This is not entirely a bad thing. Life was more exciting when I was 20 largely because I did a lot of dumb things back then. For example, there's the time we tried to replace the gas tank in Danny Haselkorn's car at 2 am with a streetlight for illumination, using a single Crescent wrench (about which the best thing I can say is that not a single person required skin grafts afterward). Or the time we decided to conduct desk-hurdling races in the high-school Honors room, and learned -- to the amazement of our brilliant, Honors-quality, soon-to-be-in-detention minds -- that floors conduct sound, and that we were on the second floor above a class taking a test. But my point is that nowadays, I'm too busy flossing to get in trouble, which seems like a pretty good deal when you consider a guy I work with who I'll call "Art."
Art's a twentysomething guy who, a few months back, was at dinner with some friends when his friend Zeke suddenly decided it would be fun to go for a ride on a partially completed highway nearby that wasn't yet open to the public.

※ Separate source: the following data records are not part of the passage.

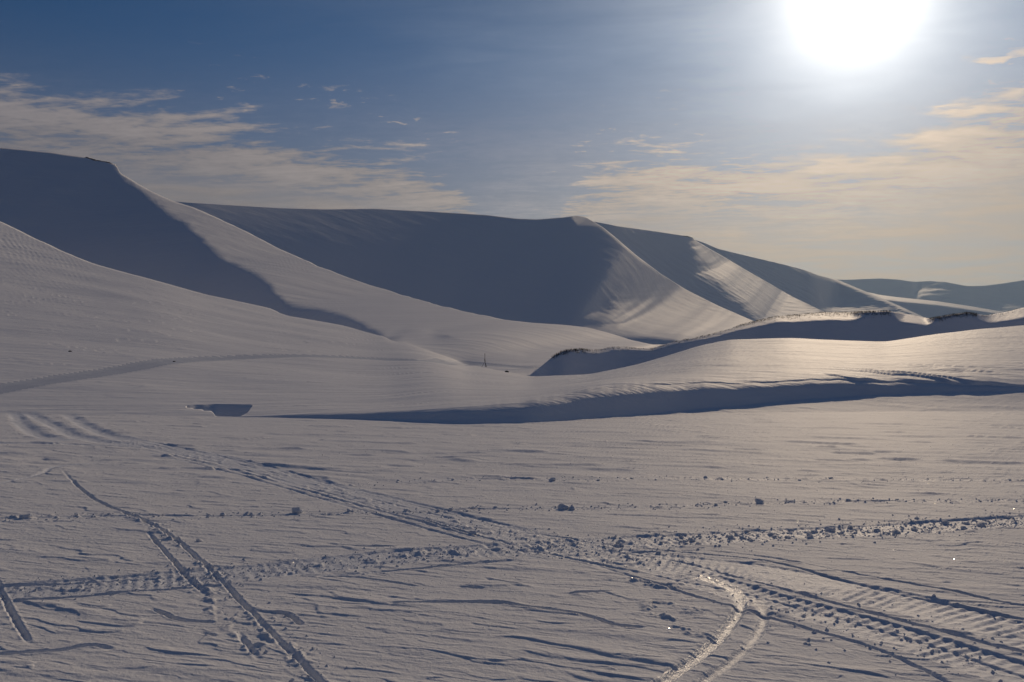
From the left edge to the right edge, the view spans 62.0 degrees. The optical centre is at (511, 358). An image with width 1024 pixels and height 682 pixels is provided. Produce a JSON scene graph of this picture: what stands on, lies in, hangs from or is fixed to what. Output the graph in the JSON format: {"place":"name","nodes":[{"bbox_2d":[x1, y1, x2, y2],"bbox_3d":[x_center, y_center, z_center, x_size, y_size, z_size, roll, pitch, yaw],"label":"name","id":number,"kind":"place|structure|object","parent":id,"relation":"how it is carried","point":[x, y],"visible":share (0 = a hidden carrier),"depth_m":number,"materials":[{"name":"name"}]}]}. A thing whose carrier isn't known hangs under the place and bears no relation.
{"place":"outdoors","nodes":[
{"label":"outdoors","id":0,"kind":"place"},
{"bbox_2d":[0,222,399,415],"bbox_3d":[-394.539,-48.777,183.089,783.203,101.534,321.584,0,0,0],"label":"snow hillside","id":1,"kind":"structure","parent":0,"point":[56,305],"depth_m":52.62,"materials":[{"name":"white snow"}]},
{"bbox_2d":[0,354,539,393],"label":"snow trail","id":2,"kind":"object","parent":1,"relation":"on","point":[8,387],"visible":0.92,"depth_m":42.12,"materials":[{"name":"white snow"}]},
{"bbox_2d":[0,148,659,375],"bbox_3d":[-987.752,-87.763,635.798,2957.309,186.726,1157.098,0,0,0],"label":"snow mountain","id":3,"kind":"structure","parent":0,"point":[106,214],"depth_m":328.41,"materials":[{"name":"white snow"}]},
{"bbox_2d":[175,201,751,344],"bbox_3d":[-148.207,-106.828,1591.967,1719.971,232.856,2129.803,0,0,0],"label":"snow mountain","id":4,"kind":"structure","parent":0,"point":[580,271],"depth_m":1082.01,"materials":[{"name":"white snow"}]},
{"bbox_2d":[0,443,1020,637],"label":"frost crystals","id":5,"kind":"object","parent":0,"point":[487,555],"visible":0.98,"depth_m":6.53,"materials":[{"name":"white"}]},
{"bbox_2d":[0,391,1023,681],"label":"snow field","id":6,"kind":"structure","parent":0,"point":[976,437],"depth_m":7.72,"materials":[{"name":"white snow"}]},
{"bbox_2d":[0,583,32,641],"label":"ski track","id":7,"kind":"structure","parent":6,"relation":"on","point":[20,626],"depth_m":5.25,"materials":[{"name":"white snow"}]},
{"bbox_2d":[7,411,73,441],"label":"snowmobile track","id":8,"kind":"structure","parent":6,"relation":"on","point":[23,423],"depth_m":19.61,"materials":[{"name":"white snow"}]},
{"bbox_2d":[0,463,95,483],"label":"ski track","id":9,"kind":"structure","parent":6,"relation":"on","point":[43,471],"depth_m":11.95,"materials":[{"name":"white snow"}]},
{"bbox_2d":[0,643,111,654],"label":"ski track","id":10,"kind":"structure","parent":6,"relation":"on","point":[81,645],"depth_m":4.67,"materials":[{"name":"white snow"}]},
{"bbox_2d":[0,442,156,448],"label":"ski track","id":11,"kind":"structure","parent":6,"relation":"on","point":[72,444],"depth_m":15.91,"materials":[{"name":"white snow"}]},
{"bbox_2d":[22,411,145,446],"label":"snowmobile track","id":12,"kind":"structure","parent":6,"relation":"on","point":[58,427],"depth_m":18.69,"materials":[{"name":"white snow"}]},
{"bbox_2d":[61,413,141,441],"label":"snowmobile track","id":13,"kind":"structure","parent":6,"relation":"on","point":[82,422],"depth_m":19.10,"materials":[{"name":"white snow"}]},
{"bbox_2d":[147,533,207,594],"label":"ski track","id":14,"kind":"structure","parent":6,"relation":"on","point":[170,557],"depth_m":6.63,"materials":[{"name":"white snow"}]},
{"bbox_2d":[67,475,326,681],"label":"ski track","id":15,"kind":"structure","parent":6,"relation":"on","point":[304,664],"depth_m":5.82,"materials":[{"name":"white snow"}]},
{"bbox_2d":[237,634,260,656],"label":"ski track","id":16,"kind":"structure","parent":6,"relation":"on","point":[253,651],"depth_m":4.76,"materials":[{"name":"white snow"}]},
{"bbox_2d":[292,507,302,512],"bbox_3d":[-2.228,1.583,8.845,0.114,0.089,0.104,0,0,-23],"label":"snow clod","id":17,"kind":"object","parent":6,"relation":"on","point":[297,509],"visible":0.93,"depth_m":8.81,"materials":[{"name":"white snow"}]},
{"bbox_2d":[0,515,1023,601],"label":"snowmobile track","id":18,"kind":"structure","parent":6,"relation":"on","point":[46,587],"depth_m":6.94,"materials":[{"name":"white snow"}]},
{"bbox_2d":[824,527,834,531],"bbox_3d":[2.969,1.601,7.934,0.100,0.061,0.087,0,0,-3],"label":"snow clod","id":19,"kind":"object","parent":18,"relation":"on","point":[831,529],"visible":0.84,"depth_m":7.92,"materials":[{"name":"white snow"}]},
{"bbox_2d":[892,530,900,534],"bbox_3d":[3.505,1.597,7.769,0.081,0.062,0.059,-7,7,7],"label":"snow clod","id":20,"kind":"object","parent":18,"relation":"on","point":[895,532],"visible":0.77,"depth_m":7.75,"materials":[{"name":"white snow"}]},
{"bbox_2d":[0,476,1023,681],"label":"snow crumbs","id":21,"kind":"object","parent":6,"relation":"on","point":[643,564],"visible":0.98,"depth_m":6.97,"materials":[{"name":"white snow"}]},
{"bbox_2d":[0,499,1023,518],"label":"ski track","id":22,"kind":"structure","parent":6,"relation":"on","point":[175,515],"depth_m":9.04,"materials":[{"name":"white snow"}]},
{"bbox_2d":[19,513,32,518],"bbox_3d":[-4.871,1.589,8.523,0.129,0.073,0.097,0,0,-5],"label":"snow clod","id":23,"kind":"object","parent":22,"relation":"on","point":[25,515],"visible":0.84,"depth_m":8.51,"materials":[{"name":"white snow"}]},
{"bbox_2d":[557,504,568,508],"bbox_3d":[0.551,1.587,9.063,0.121,0.077,0.135,-4,-14,45],"label":"snow clod","id":24,"kind":"object","parent":6,"relation":"on","point":[561,506],"visible":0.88,"depth_m":9.02,"materials":[{"name":"white snow"}]},
{"bbox_2d":[130,439,1023,653],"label":"snowmobile track","id":25,"kind":"structure","parent":6,"relation":"on","point":[924,607],"depth_m":6.67,"materials":[{"name":"white snow"}]},
{"bbox_2d":[651,574,748,681],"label":"snowmobile track","id":26,"kind":"structure","parent":6,"relation":"on","point":[707,648],"depth_m":4.90,"materials":[{"name":"white snow"}]},
{"bbox_2d":[405,477,1023,481],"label":"ski track","id":27,"kind":"structure","parent":6,"relation":"on","point":[531,478],"depth_m":11.28,"materials":[{"name":"white snow"}]},
{"bbox_2d":[693,598,770,681],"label":"snowmobile track","id":28,"kind":"structure","parent":6,"relation":"on","point":[752,640],"depth_m":4.77,"materials":[{"name":"white snow"}]},
{"bbox_2d":[755,498,763,503],"bbox_3d":[2.728,1.579,9.383,0.082,0.063,0.138,-12,17,-18],"label":"snow clod","id":29,"kind":"object","parent":6,"relation":"on","point":[758,500],"visible":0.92,"depth_m":9.36,"materials":[{"name":"white snow"}]},
{"bbox_2d":[592,563,1023,681],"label":"snowmobile track","id":30,"kind":"structure","parent":6,"relation":"on","point":[1007,668],"depth_m":5.05,"materials":[{"name":"white snow"}]},
{"bbox_2d":[0,0,1023,285],"label":"sky","id":31,"kind":"structure","parent":0,"point":[833,139],"materials":[{"name":"blue"}]},
{"bbox_2d":[58,379,1023,423],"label":"snow bank","id":32,"kind":"structure","parent":0,"point":[615,401],"depth_m":24.67,"materials":[{"name":"white snow"}]},
{"bbox_2d":[595,222,823,320],"bbox_3d":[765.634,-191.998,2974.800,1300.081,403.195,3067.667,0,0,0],"label":"snow spur","id":33,"kind":"structure","parent":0,"point":[690,264],"depth_m":2510.19,"materials":[{"name":"white snow"}]},
{"bbox_2d":[400,325,1023,410],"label":"snow terrace","id":34,"kind":"structure","parent":0,"point":[991,356],"depth_m":35.15,"materials":[{"name":"white snow"}]},
{"bbox_2d":[473,308,1023,375],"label":"snow ridge","id":35,"kind":"structure","parent":0,"point":[874,326],"depth_m":69.65,"materials":[{"name":"white snow"}]},
{"bbox_2d":[553,310,1007,358],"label":"dry grass","id":36,"kind":"structure","parent":35,"relation":"on","point":[799,315],"depth_m":73.04,"materials":[{"name":"brown plant"}]},
{"bbox_2d":[696,240,924,317],"bbox_3d":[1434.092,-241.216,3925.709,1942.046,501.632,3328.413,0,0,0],"label":"snow spur","id":37,"kind":"structure","parent":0,"point":[825,294],"depth_m":3561.22,"materials":[{"name":"white snow"}]},
{"bbox_2d":[836,278,1023,311],"bbox_3d":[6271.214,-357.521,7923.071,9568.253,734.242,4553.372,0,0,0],"label":"snow hill","id":38,"kind":"structure","parent":0,"point":[1005,297],"depth_m":6965.42,"materials":[{"name":"white snow"}]},
{"bbox_2d":[868,292,1002,317],"bbox_3d":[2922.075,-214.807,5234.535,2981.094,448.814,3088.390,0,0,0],"label":"snow ridge","id":39,"kind":"structure","parent":0,"point":[927,308],"depth_m":4443.88,"materials":[{"name":"white snow"}]}
]}

After all, how often do you get the chance to have an entire highway all to yourself? So they all piled into Zeke's car, and soon they were skirting a barrier and accelerating up an onramp.

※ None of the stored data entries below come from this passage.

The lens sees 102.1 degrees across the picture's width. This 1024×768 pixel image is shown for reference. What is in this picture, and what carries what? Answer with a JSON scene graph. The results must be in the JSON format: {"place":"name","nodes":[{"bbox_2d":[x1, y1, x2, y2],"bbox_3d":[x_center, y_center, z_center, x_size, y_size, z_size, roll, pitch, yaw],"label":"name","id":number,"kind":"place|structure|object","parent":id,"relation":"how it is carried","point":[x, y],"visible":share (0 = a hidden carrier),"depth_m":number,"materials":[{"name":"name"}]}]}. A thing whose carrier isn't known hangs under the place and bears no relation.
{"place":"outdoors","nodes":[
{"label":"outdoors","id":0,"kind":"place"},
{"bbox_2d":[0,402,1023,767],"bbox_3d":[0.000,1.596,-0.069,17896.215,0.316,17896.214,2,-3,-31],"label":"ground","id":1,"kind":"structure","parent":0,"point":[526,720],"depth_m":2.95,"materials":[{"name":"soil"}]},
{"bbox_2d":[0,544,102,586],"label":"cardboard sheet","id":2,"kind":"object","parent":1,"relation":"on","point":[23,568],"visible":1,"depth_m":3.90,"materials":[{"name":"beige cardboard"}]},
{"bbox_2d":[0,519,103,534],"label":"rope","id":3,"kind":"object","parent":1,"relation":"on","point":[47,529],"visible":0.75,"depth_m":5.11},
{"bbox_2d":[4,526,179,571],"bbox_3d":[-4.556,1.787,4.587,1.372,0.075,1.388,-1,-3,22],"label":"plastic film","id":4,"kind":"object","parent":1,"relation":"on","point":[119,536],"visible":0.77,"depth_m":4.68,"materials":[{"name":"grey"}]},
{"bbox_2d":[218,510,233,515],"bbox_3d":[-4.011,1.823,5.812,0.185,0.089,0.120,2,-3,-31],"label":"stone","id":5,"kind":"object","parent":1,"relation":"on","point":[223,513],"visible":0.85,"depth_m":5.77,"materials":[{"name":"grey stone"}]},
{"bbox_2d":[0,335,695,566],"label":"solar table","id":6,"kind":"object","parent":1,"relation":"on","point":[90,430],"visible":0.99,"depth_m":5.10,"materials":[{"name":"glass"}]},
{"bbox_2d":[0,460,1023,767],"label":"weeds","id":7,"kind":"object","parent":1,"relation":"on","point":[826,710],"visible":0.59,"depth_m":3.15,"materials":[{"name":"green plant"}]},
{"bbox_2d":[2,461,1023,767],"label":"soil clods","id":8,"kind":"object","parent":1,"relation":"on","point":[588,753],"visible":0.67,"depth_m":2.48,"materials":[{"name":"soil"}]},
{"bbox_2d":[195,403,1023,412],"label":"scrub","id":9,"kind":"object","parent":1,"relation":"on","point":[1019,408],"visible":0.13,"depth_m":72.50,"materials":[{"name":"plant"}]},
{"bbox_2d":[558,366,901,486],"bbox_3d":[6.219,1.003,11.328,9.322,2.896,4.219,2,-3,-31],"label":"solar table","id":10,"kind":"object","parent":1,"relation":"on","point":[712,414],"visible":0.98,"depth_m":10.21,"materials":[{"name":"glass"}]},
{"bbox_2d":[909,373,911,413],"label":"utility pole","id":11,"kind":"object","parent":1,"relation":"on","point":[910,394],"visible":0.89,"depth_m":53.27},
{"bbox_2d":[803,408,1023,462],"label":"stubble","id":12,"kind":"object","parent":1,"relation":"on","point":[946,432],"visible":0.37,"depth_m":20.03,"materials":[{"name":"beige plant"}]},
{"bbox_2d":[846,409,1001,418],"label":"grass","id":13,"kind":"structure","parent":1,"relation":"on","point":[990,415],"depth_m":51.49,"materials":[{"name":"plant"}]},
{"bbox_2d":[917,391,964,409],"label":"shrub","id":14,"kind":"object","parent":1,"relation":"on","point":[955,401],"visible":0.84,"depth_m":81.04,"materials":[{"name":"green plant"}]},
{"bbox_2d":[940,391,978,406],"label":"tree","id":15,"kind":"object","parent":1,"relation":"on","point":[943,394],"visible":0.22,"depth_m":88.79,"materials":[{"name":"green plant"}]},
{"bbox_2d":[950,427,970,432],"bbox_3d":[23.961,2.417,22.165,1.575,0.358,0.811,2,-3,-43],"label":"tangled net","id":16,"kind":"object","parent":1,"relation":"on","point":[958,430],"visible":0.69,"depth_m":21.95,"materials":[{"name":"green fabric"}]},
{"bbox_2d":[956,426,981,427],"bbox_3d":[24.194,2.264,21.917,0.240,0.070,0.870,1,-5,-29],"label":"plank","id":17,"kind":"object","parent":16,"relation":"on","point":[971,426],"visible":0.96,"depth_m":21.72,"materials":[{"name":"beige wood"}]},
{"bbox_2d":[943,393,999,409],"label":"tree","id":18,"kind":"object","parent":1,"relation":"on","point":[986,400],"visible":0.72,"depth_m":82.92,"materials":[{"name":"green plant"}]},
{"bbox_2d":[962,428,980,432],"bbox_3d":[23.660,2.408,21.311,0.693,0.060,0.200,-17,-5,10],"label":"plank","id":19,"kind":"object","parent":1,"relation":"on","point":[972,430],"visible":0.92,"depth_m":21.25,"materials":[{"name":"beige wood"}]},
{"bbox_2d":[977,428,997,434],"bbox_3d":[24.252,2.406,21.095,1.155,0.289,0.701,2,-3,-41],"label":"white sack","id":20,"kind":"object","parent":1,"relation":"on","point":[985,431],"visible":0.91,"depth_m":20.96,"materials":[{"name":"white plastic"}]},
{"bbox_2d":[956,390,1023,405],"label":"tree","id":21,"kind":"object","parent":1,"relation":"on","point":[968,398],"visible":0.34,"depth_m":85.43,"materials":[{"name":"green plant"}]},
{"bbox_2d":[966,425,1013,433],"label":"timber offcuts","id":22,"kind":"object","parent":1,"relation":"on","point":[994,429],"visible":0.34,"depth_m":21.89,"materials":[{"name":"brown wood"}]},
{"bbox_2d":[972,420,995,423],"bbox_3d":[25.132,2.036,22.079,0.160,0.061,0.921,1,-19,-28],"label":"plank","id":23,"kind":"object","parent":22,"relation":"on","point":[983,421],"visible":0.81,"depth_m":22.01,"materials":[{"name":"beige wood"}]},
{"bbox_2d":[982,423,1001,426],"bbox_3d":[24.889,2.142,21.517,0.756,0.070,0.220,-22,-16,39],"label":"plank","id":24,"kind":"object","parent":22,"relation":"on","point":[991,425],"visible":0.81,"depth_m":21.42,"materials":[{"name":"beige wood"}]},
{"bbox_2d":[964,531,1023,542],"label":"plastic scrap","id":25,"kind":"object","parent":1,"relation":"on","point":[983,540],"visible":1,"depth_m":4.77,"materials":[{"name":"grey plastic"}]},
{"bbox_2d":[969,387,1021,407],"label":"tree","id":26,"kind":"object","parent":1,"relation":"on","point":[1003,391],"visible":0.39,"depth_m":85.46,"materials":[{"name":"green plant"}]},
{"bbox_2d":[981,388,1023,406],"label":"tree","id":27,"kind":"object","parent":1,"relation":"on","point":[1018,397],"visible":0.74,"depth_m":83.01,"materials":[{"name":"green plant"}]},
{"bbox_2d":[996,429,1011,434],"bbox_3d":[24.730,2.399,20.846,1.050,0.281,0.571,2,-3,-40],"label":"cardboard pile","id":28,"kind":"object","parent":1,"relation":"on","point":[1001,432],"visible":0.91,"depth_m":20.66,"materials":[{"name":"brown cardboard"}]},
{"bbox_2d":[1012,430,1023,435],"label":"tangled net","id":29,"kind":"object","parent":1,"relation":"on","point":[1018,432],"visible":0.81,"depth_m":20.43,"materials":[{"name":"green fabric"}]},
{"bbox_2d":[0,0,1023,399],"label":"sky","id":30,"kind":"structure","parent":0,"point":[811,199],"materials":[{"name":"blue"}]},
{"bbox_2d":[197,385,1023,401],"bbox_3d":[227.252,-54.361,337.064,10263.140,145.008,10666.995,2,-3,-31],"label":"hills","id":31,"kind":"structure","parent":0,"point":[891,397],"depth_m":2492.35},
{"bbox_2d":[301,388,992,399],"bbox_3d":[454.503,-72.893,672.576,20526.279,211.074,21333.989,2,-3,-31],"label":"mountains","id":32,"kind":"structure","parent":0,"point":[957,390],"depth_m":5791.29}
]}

After a while, as they headed down a ramp to get back on the normal, open highway, they noticed a light underneath an overpass, and someone said, "Is that a police car?" So they all strained to make out the shape behind the light, which is why no one noticed the cement barrier blocking the ramp until Art screamed "Watch out!," giving Zeke plenty of time to slow from 50 mph all the way down to 40 mph before they slammed into the barrier and came to a dead stop.

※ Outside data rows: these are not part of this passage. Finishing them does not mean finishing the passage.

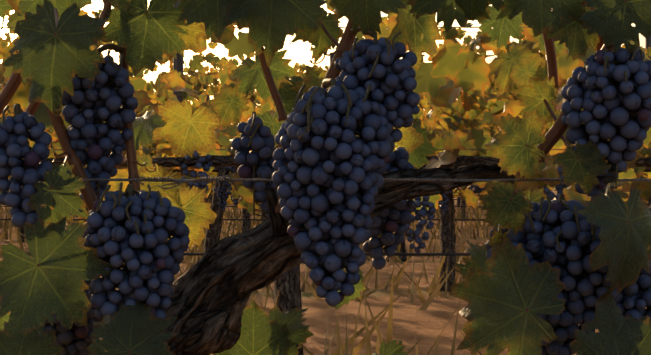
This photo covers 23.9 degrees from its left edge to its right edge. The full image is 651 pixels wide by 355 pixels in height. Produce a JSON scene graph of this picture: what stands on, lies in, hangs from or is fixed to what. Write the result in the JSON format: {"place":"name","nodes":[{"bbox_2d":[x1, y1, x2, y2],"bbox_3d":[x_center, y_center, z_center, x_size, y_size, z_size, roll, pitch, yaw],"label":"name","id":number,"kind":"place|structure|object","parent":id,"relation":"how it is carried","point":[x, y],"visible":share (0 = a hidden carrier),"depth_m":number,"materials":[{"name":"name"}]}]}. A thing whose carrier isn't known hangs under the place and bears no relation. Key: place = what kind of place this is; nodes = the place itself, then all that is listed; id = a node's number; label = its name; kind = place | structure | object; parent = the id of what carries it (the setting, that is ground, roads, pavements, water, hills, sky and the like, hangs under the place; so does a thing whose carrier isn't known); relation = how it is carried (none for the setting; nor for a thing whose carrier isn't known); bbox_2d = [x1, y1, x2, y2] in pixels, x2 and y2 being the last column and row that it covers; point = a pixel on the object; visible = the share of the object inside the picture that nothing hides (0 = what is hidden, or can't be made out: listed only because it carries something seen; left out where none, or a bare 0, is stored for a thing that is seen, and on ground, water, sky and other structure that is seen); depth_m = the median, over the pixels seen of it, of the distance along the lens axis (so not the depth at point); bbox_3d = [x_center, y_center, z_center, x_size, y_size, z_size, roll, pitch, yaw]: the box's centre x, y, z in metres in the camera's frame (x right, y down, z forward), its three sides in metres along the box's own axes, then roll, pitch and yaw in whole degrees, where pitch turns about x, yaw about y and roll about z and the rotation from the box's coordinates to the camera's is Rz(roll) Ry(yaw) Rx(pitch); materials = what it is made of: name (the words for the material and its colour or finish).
{"place":"outdoors","nodes":[
{"label":"outdoors","id":0,"kind":"place"},
{"bbox_2d":[0,0,613,238],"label":"vine shoots","id":1,"kind":"object","parent":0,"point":[558,128],"visible":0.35,"depth_m":1.51,"materials":[{"name":"brown plant"}]},
{"bbox_2d":[0,103,52,226],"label":"grape bunch","id":2,"kind":"object","parent":1,"relation":"hanging from","point":[22,166],"visible":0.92,"depth_m":1.46,"materials":[{"name":"food"}]},
{"bbox_2d":[10,289,102,354],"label":"grape bunch","id":3,"kind":"object","parent":1,"relation":"hanging from","point":[76,339],"visible":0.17,"depth_m":1.54,"materials":[{"name":"purple food"}]},
{"bbox_2d":[62,43,137,201],"bbox_3d":[-0.222,-0.052,1.519,0.076,0.161,0.063,0,0,1],"label":"grape bunch","id":4,"kind":"object","parent":1,"relation":"hanging from","point":[90,107],"visible":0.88,"depth_m":1.50,"materials":[{"name":"food"}]},
{"bbox_2d":[82,182,189,318],"bbox_3d":[-0.186,0.081,1.458,0.106,0.153,0.090,0,0,17],"label":"grape bunch","id":5,"kind":"object","parent":1,"relation":"hanging from","point":[140,227],"visible":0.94,"depth_m":1.43,"materials":[{"name":"food"}]},
{"bbox_2d":[231,112,279,223],"bbox_3d":[-0.064,-0.007,1.572,0.046,0.119,0.062,0,0,42],"label":"grape bunch","id":6,"kind":"object","parent":1,"relation":"hanging from","point":[257,138],"visible":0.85,"depth_m":1.56,"materials":[{"name":"food"}]},
{"bbox_2d":[0,0,650,354],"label":"vine leaves","id":7,"kind":"object","parent":1,"relation":"attached to","point":[505,290],"visible":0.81,"depth_m":1.46,"materials":[{"name":"green plant"}]},
{"bbox_2d":[272,78,391,305],"bbox_3d":[0.002,0.012,1.434,0.104,0.212,0.103,0,0,38],"label":"grape bunch","id":8,"kind":"object","parent":1,"relation":"hanging from","point":[329,167],"visible":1,"depth_m":1.41,"materials":[{"name":"food"}]},
{"bbox_2d":[330,27,419,143],"bbox_3d":[0.047,-0.089,1.470,0.086,0.116,0.077,0,0,1],"label":"grape bunch","id":9,"kind":"object","parent":1,"relation":"hanging from","point":[383,69],"visible":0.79,"depth_m":1.45,"materials":[{"name":"food"}]},
{"bbox_2d":[363,142,415,269],"bbox_3d":[0.063,0.025,1.580,0.064,0.138,0.052,0,0,1],"label":"grape bunch","id":10,"kind":"object","parent":1,"relation":"hanging from","point":[385,222],"visible":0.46,"depth_m":1.57,"materials":[{"name":"food"}]},
{"bbox_2d":[485,194,618,354],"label":"grape bunch","id":11,"kind":"object","parent":1,"relation":"hanging from","point":[553,231],"visible":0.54,"depth_m":1.46,"materials":[{"name":"food"}]},
{"bbox_2d":[561,44,650,197],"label":"grape bunch","id":12,"kind":"object","parent":1,"relation":"hanging from","point":[607,92],"visible":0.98,"depth_m":1.45,"materials":[{"name":"food"}]},
{"bbox_2d":[615,261,650,318],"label":"grape bunch","id":13,"kind":"object","parent":1,"relation":"hanging from","point":[634,300],"visible":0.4,"depth_m":1.51,"materials":[{"name":"food"}]},
{"bbox_2d":[0,0,644,110],"label":"sky","id":14,"kind":"structure","parent":0,"point":[298,50],"materials":[{"name":"white"}]},
{"bbox_2d":[0,185,650,354],"bbox_3d":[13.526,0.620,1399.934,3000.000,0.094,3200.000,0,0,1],"label":"ground","id":15,"kind":"structure","parent":0,"point":[428,324],"depth_m":7.19,"materials":[{"name":"soil"}]},
{"bbox_2d":[0,0,650,354],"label":"vine rows","id":16,"kind":"object","parent":15,"relation":"on","point":[289,298],"visible":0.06,"depth_m":7.94,"materials":[{"name":"brown plant"}]},
{"bbox_2d":[0,0,650,246],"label":"vine foliage","id":17,"kind":"object","parent":16,"relation":"on","point":[450,73],"visible":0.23,"depth_m":7.74,"materials":[{"name":"plant"}]},
{"bbox_2d":[71,150,650,253],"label":"distant grape bunches","id":18,"kind":"object","parent":16,"relation":"hanging from","point":[423,211],"visible":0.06,"depth_m":4.34,"materials":[{"name":"food"}]},
{"bbox_2d":[0,197,650,354],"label":"grass tufts","id":19,"kind":"object","parent":15,"relation":"on","point":[433,289],"visible":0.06,"depth_m":7.97,"materials":[{"name":"brown plant"}]},
{"bbox_2d":[37,0,629,352],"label":"vine petioles","id":20,"kind":"object","parent":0,"point":[550,110],"visible":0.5,"depth_m":1.50,"materials":[{"name":"plant"}]},
{"bbox_2d":[162,160,515,354],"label":"vine trunk","id":21,"kind":"object","parent":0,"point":[216,285],"visible":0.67,"depth_m":1.50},
{"bbox_2d":[278,265,298,278],"bbox_3d":[-0.042,0.086,1.548,0.026,0.032,0.030,0,0,-25],"label":"strip","id":22,"kind":"object","parent":21,"relation":"attached to","point":[292,271],"visible":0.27,"depth_m":1.54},
{"bbox_2d":[39,175,650,201],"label":"trellis wire","id":23,"kind":"object","parent":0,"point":[201,179],"visible":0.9,"depth_m":1.48,"materials":[{"name":"grey metal"}]}
]}

It was indeed a police car. The Texas state trooper drove up the ramp, got out his flashlight, and checked them over. Miraculously, no one was seriously hurt. Then he said, "Yew kids been drinking?"
"No, officer," they assured him.
"Yew kids been doin' drugs?"
"Absolutely not, sir," they said.
"Well, then," he noted, "I guess you're just sheer stupid."
And with that, we come to this month's thesis, which is mainly that Art's story is good for a laugh, and a laugh is definitely useful both when turning 40 and when learning Win32 game programming. I wouldn't call either one exactly fun -- but in the long run, they sure beat the alternatives!
Win32 and Games
I've spent the last couple of months porting Quake to Win32, and I can say, unequivocally, that someday, DirectX will make Win32 game programming a breeze -- but today is not that day. DirectX, particularly DirectSound, finally makes DOS-quality games possible on Win32 (by which I mean Win95, NT 4.0, or later). Right now, though, it's harder to write a bug-free, commercial-quality game for Win32 than for DOS -- doable, but definitely hard. Most of the problems are the usual ones for new technology: buggy drivers, inadequate and sometimes incorrect documentation, and missing functionality. There are also some problems unique to DirectX, such as its tendency to grab the Win16 lock on Win95 (so that, for example, while you have a page-flipped back buffer locked through DirectDraw, neither DirectSound nor networking calls will work). And, of course, there are the normal complications that come with writing a Win32 app, such as handling loss of input focus and coexisting with screen savers and such.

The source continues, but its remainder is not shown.